🤖 AI Summary
This work addresses the challenge of urban-scale lane-level map construction, which traditionally relies heavily on manual effort and suffers from existing end-to-end methods’ inability to explicitly adhere to cartographic standards and traffic regulations—often yielding rule-violating outputs in complex scenarios. To overcome this, we propose MapAgent, the first industrial-grade framework that integrates explicit rule validation with an agent-based architecture. MapAgent employs a Judge-Planner-Worker closed-loop system that selectively triggers vision-language joint diagnosis, constraint-aware reasoning, and deterministic editing in low-confidence regions. The approach achieves high throughput while substantially reducing the need for human post-editing, outperforming strong baselines—particularly in complex and long-tail cases—on real-world data. Deployed in Baidu Maps, the system now enables automated generation of lane-level maps across more than 360 cities in China with over 95% automation rate.
📝 Abstract
Lane-level maps are critical infrastructure for autonomous driving and lane-level navigation, yet constructing and maintaining standardized lane networks for hundreds of cities remains highly labor-intensive. Recent end-to-end vectorized mapping methods can predict lane geometry and topology directly from sensor data, but they typically treat mapping specifications and traffic regulations as implicit, dataset-dependent supervision.
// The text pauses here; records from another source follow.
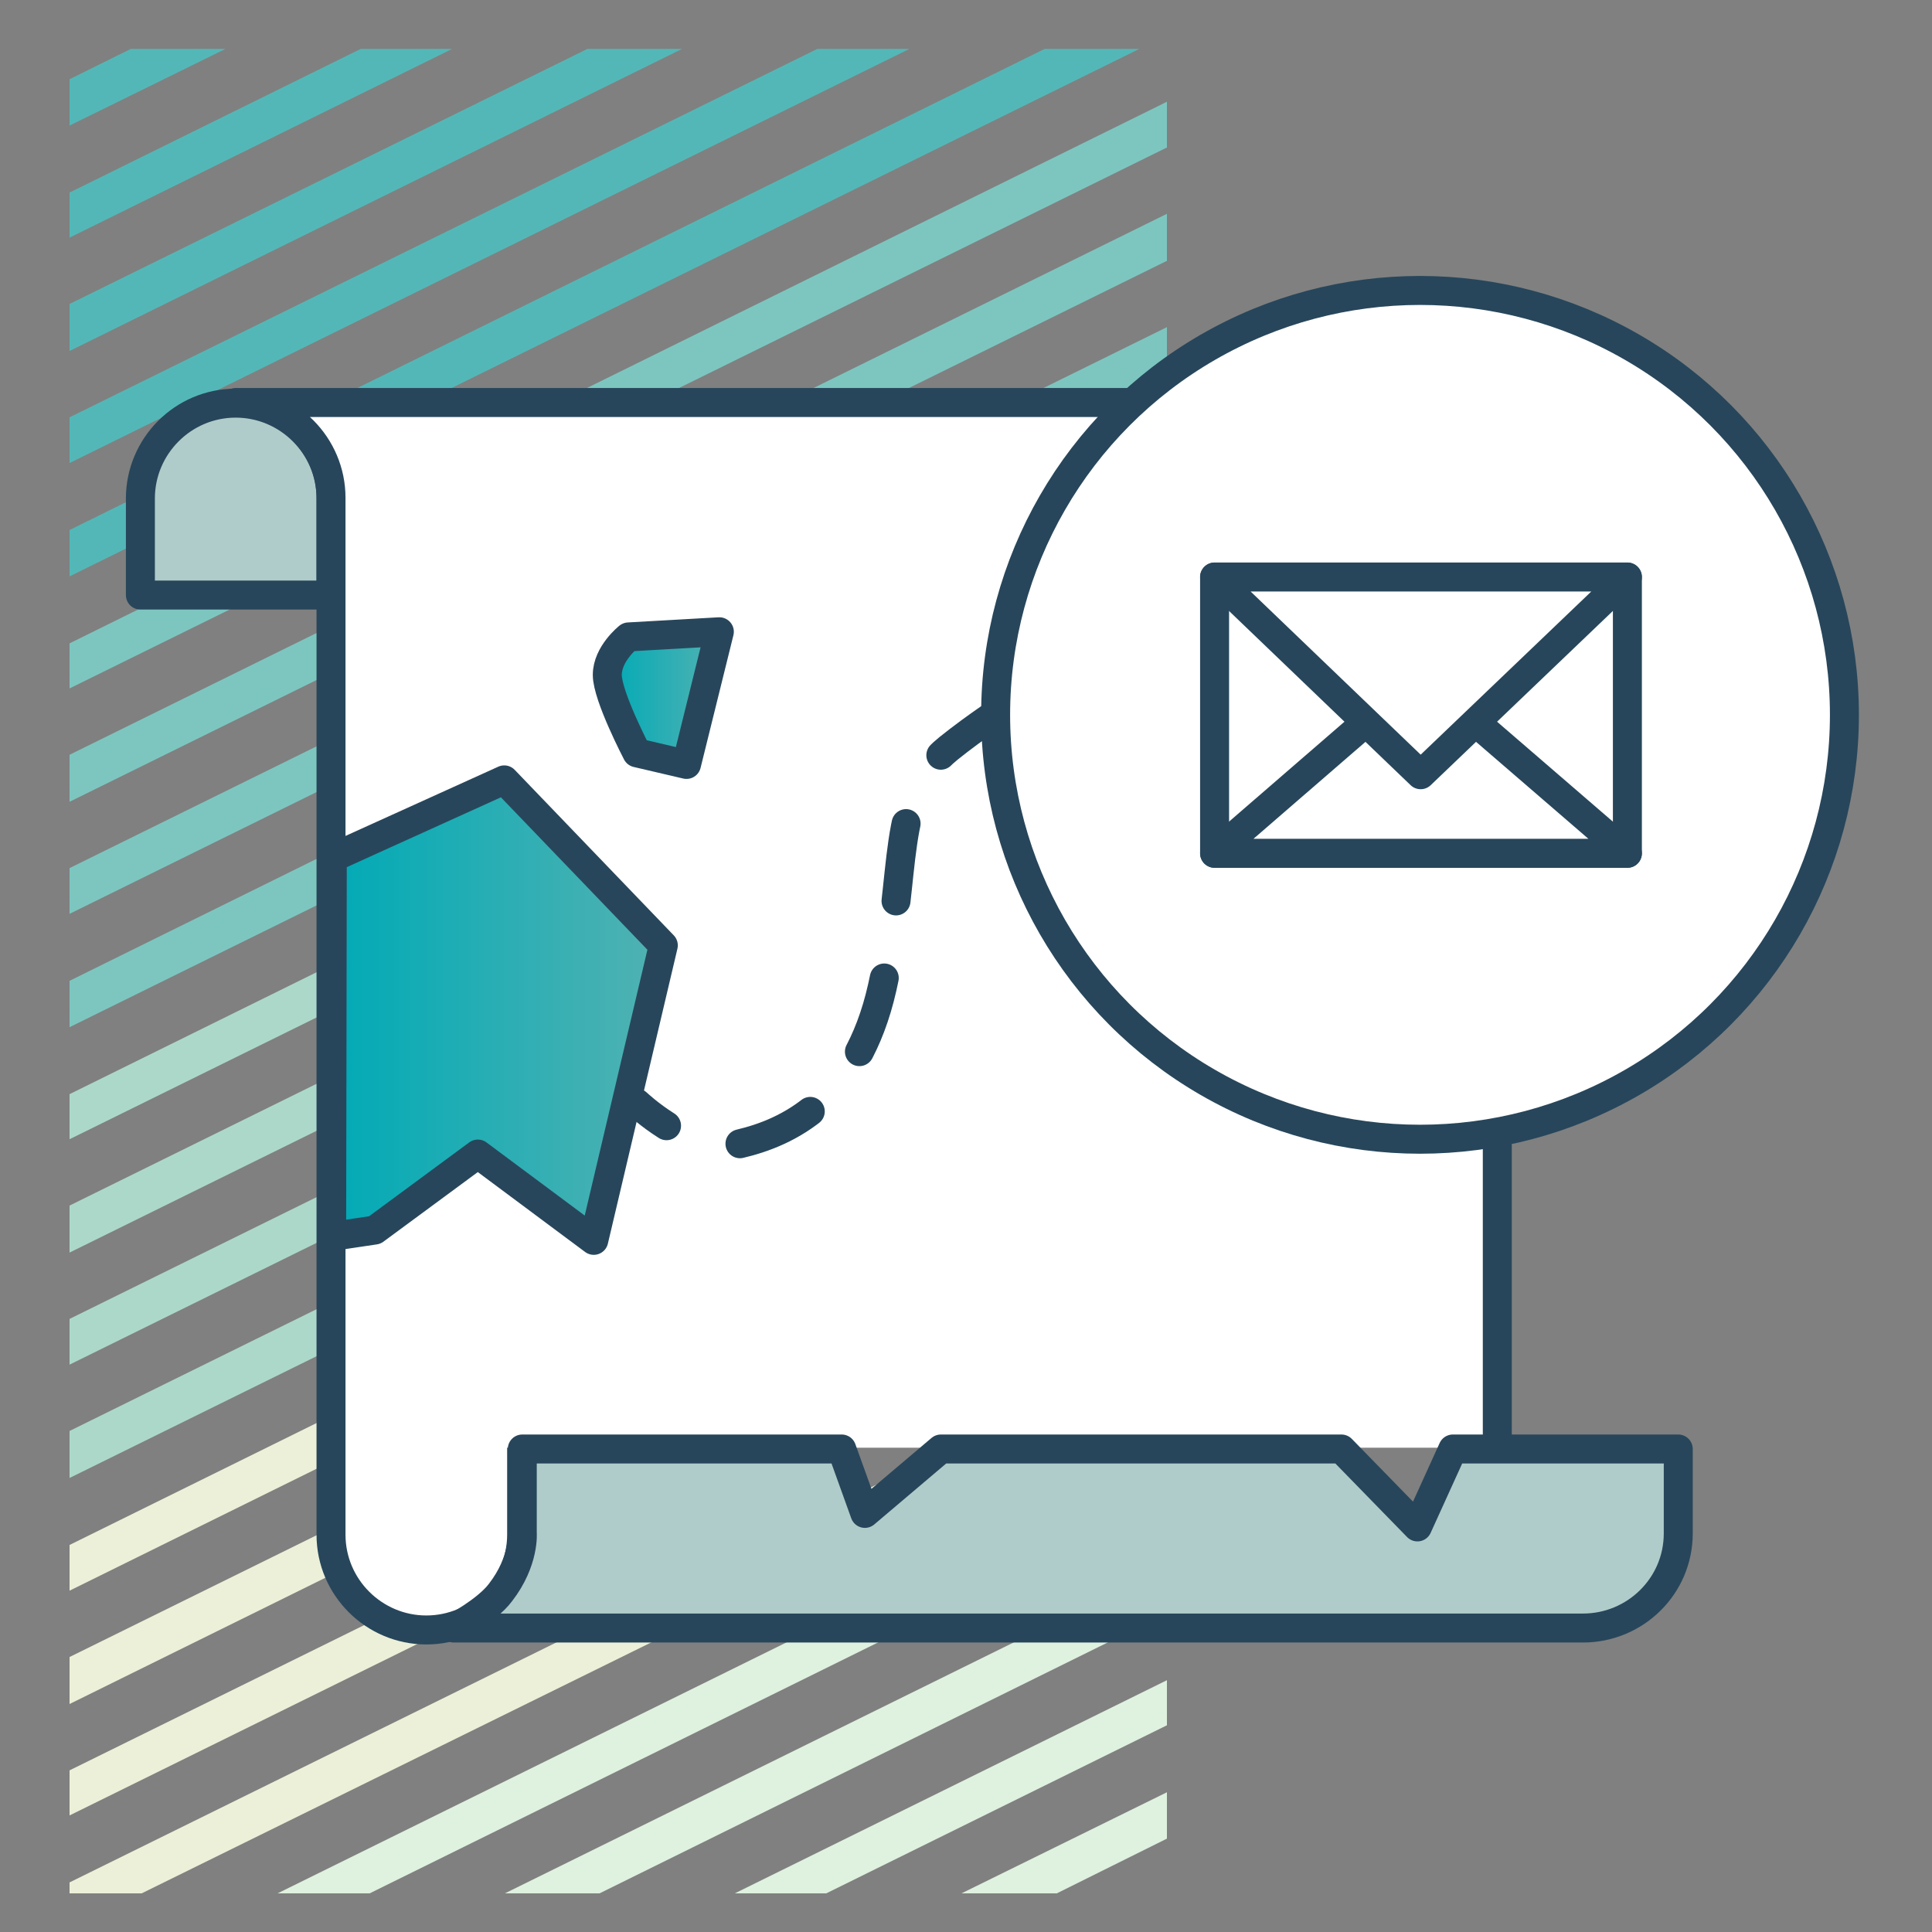 <?xml version="1.0" encoding="utf-8"?>
<!-- Generator: Adobe Illustrator 23.0.3, SVG Export Plug-In . SVG Version: 6.00 Build 0)  -->
<svg version="1.1" id="Calque_1" xmlns="http://www.w3.org/2000/svg" xmlns:xlink="http://www.w3.org/1999/xlink" x="0px" y="0px"
	 viewBox="0 0 300 300" style="enable-background:new 0 0 300 300;" xml:space="preserve">
<rect x="0" y="0" width="300" height="300" fill="#808080" stroke="none"/>
<style type="text/css">
	.st0{fill:#54B7B7;}
	.st1{fill:#7DC6C0;}
	.st2{fill:#DFF1DF;}
	.st3{fill:#ECF0D8;}
	.st4{fill:#ACD8CA;}
	.st5{fill:none;stroke:#27465B;stroke-width:4.5;stroke-linejoin:round;stroke-miterlimit:10;}
	.st6{fill:#B0CCCA;stroke:#27465B;stroke-width:4.5;stroke-linejoin:round;stroke-miterlimit:10;}
	.st7{fill:#FFFFFF;stroke:#27465B;stroke-width:4.5;stroke-linejoin:round;stroke-miterlimit:10;}
	.st8{fill:none;stroke:#27465B;stroke-width:4.5;stroke-linecap:round;stroke-linejoin:round;}
	.st9{fill:none;stroke:#27465B;stroke-width:4.5;stroke-linecap:round;stroke-linejoin:round;stroke-dasharray:12.111,12.111;}
	.st10{fill:url(#SVGID_1_);stroke:#28465B;stroke-width:4.5;stroke-linejoin:round;stroke-miterlimit:10;}
	.st11{fill:url(#SVGID_2_);stroke:#28465B;stroke-width:4.5;stroke-linejoin:round;stroke-miterlimit:10;}
	.st12{fill:#FFFFFF;stroke:#27465B;stroke-width:4.5;stroke-linecap:round;stroke-linejoin:round;stroke-miterlimit:10;}
</style>
<g>
	<polygon class="st0" points="162.2,7.6 10.8,82.3 10.8,89.5 176.9,7.6 	"/>
	<polygon class="st1" points="10.8,152.3 10.8,159.5 181.2,75.5 181.2,68.2 	"/>
	<polygon class="st1" points="10.8,117.2 10.8,124.5 181.2,40.5 181.2,33.2 	"/>
	<polygon class="st1" points="10.8,134.8 10.8,141.9 181.2,57.9 181.2,50.8 	"/>
	<polygon class="st1" points="10.8,99.9 10.8,106.9 181.2,22.9 181.2,15.8 	"/>
	<polygon class="st0" points="20.3,7.6 10.8,12.3 10.8,19.5 35,7.6 	"/>
	<polygon class="st0" points="126.9,7.6 10.8,64.8 10.8,71.9 141.2,7.6 	"/>
	<polygon class="st0" points="91.2,7.6 10.8,47.2 10.8,54.5 105.9,7.6 	"/>
	<polygon class="st0" points="56,7.6 10.8,29.9 10.8,36.9 70.2,7.6 	"/>
	<polygon class="st2" points="43.1,294 57.4,294 181.2,232.9 181.2,225.9 	"/>
	<polygon class="st3" points="10.8,274.9 10.8,281.9 181.2,197.9 181.2,190.9 	"/>
	<polygon class="st2" points="78.4,294 93.1,294 181.2,250.5 181.2,243.3 	"/>
	<polygon class="st3" points="10.8,292.3 10.8,294 22,294 181.2,215.6 181.2,208.3 	"/>
	<polygon class="st2" points="149.3,294 164.1,294 181.2,285.5 181.2,278.3 	"/>
	<polygon class="st2" points="114.1,294 128.3,294 181.2,267.9 181.2,260.9 	"/>
	<polygon class="st4" points="10.8,204.8 10.8,211.9 181.2,127.9 181.2,120.8 	"/>
	<polygon class="st4" points="10.8,187.2 10.8,194.5 181.2,110.5 181.2,103.2 	"/>
	<polygon class="st3" points="10.8,257.3 10.8,264.6 181.2,180.5 181.2,173.3 	"/>
	<polygon class="st4" points="10.8,169.9 10.8,176.9 181.2,92.9 181.2,85.8 	"/>
	<polygon class="st3" points="10.8,239.9 10.8,247 181.2,162.9 181.2,155.8 	"/>
	<polygon class="st4" points="10.8,222.2 10.8,229.5 181.2,145.5 181.2,138.2 	"/>
</g>
<g>
	<path class="st5" d="M81.1,238.4"/>
	<path class="st6" d="M51.4,77.4c0-8.2-6.7-14.8-14.8-14.8h0c-8.2,0-14.8,6.7-14.8,14.8v1.1v13.9h29.6L51.4,77.4"/>
	<path class="st7" d="M230.6,224.8h1.9v-10.5v0.3v-0.3v-137c0-8.2-6.7-14.8-14.8-14.8h0H39.2h-2.6h0c8.2,0,14.8,6.7,14.8,14.8v137
		v0.3v23.7c0,8.2,6.7,14.8,14.8,14.8h0c8.2,0,14.8-6.7,14.8-14.8L81,224.8"/>
	<path class="st6" d="M81.1,234.7V225h49.6l3.6,10l11.8-10h62.2l11.8,12.1l5.5-12.1h35v13.1c0,8.2-6.7,14.7-14.8,14.7h0H70.5
		c0,0,5.1-2.7,7.2-5.5c3.8-4.9,3.4-9.3,3.4-9.3V234.7z"/>
	<g>
		<g>
			<path class="st8" d="M98.9,171.3c0,0,1.9,1.8,4.6,3.5"/>
			<path class="st9" d="M114.9,177.6c7.2-1.7,18.1-6.5,22.1-24.3c4.1-18.3,1-29.6,10.3-37.1c4.1-3.3,9.2-6.7,13.6-9.5"/>
			<path class="st8" d="M166,103.4c3-1.8,5-3,5-3"/>
		</g>
	</g>
	<g>
		<circle class="st7" cx="220.5" cy="111" r="65.9"/>
	</g>
	<linearGradient id="SVGID_1_" gradientUnits="userSpaceOnUse" x1="51.534" y1="156.856" x2="103.026" y2="156.856">
		<stop  offset="0" style="stop-color:#00AAB6"/>
		<stop  offset="1" style="stop-color:#52B2B2"/>
	</linearGradient>
	<path class="st10" d="M51.6,133.2l26.7-12.1l24.7,25.7l-10.8,45.8l-18-13.4l-16,11.8l-6.7,1C51.5,192.1,51.6,134.2,51.6,133.2z"/>
	<linearGradient id="SVGID_2_" gradientUnits="userSpaceOnUse" x1="94.272" y1="108.454" x2="111.779" y2="108.454">
		<stop  offset="0" style="stop-color:#00AAB6"/>
		<stop  offset="1" style="stop-color:#52B2B2"/>
	</linearGradient>
	<path class="st11" d="M97.6,98.9c0,0-3.3,2.6-3.3,5.9s4.6,12.1,4.6,12.1l7.7,1.8l5.1-20.6L97.6,98.9z"/>
	<g>
		<rect x="188.6" y="89.6" class="st12" width="64.1" height="42.9"/>
		<polygon class="st12" points="220.6,104.8 252.7,132.5 188.6,132.5 		"/>
		<polygon class="st12" points="220.6,120.3 252.7,89.6 188.6,89.6 		"/>
	</g>
</g>
</svg>

Moreover, in complex scenes (e.g., worn or missing markings and occlusions), correct lane configurations are often under-determined by visual evidence alone, making specification violations a major source of human post-editing. We propose MapAgent, an industrial-grade agentic architecture that augments a vectorization backbone for specification-compliant lane-map production. Rather than merely adding an agent loop to map prediction, MapAgent couples backbone perception with explicit specification verification, constraint-aware reasoning, and deterministic map editing under a bounded, verification-driven Judge-Planner-Worker loop. A vision-language Judge diagnoses errors by jointly inspecting visual evidence and draft vectors, while a tool-calling Planner generates minimal corrective edits with post-edit re-validation. To remain scalable for city-scale production, MapAgent is selectively triggered only on tiles with low backbone confidence, adding modest overhead while preserving throughput. Experiments on real-world datasets show consistent gains over strong production baselines, especially in complex and long-tail scenarios. Additionally, MapAgent has been integrated into Baidu Maps, supporting lane-level map generation for over 360 cities nationwide and elevating the overall production automation to over 95%, demonstrating MapAgent's practicality and effectiveness for large-scale lane-level map generation.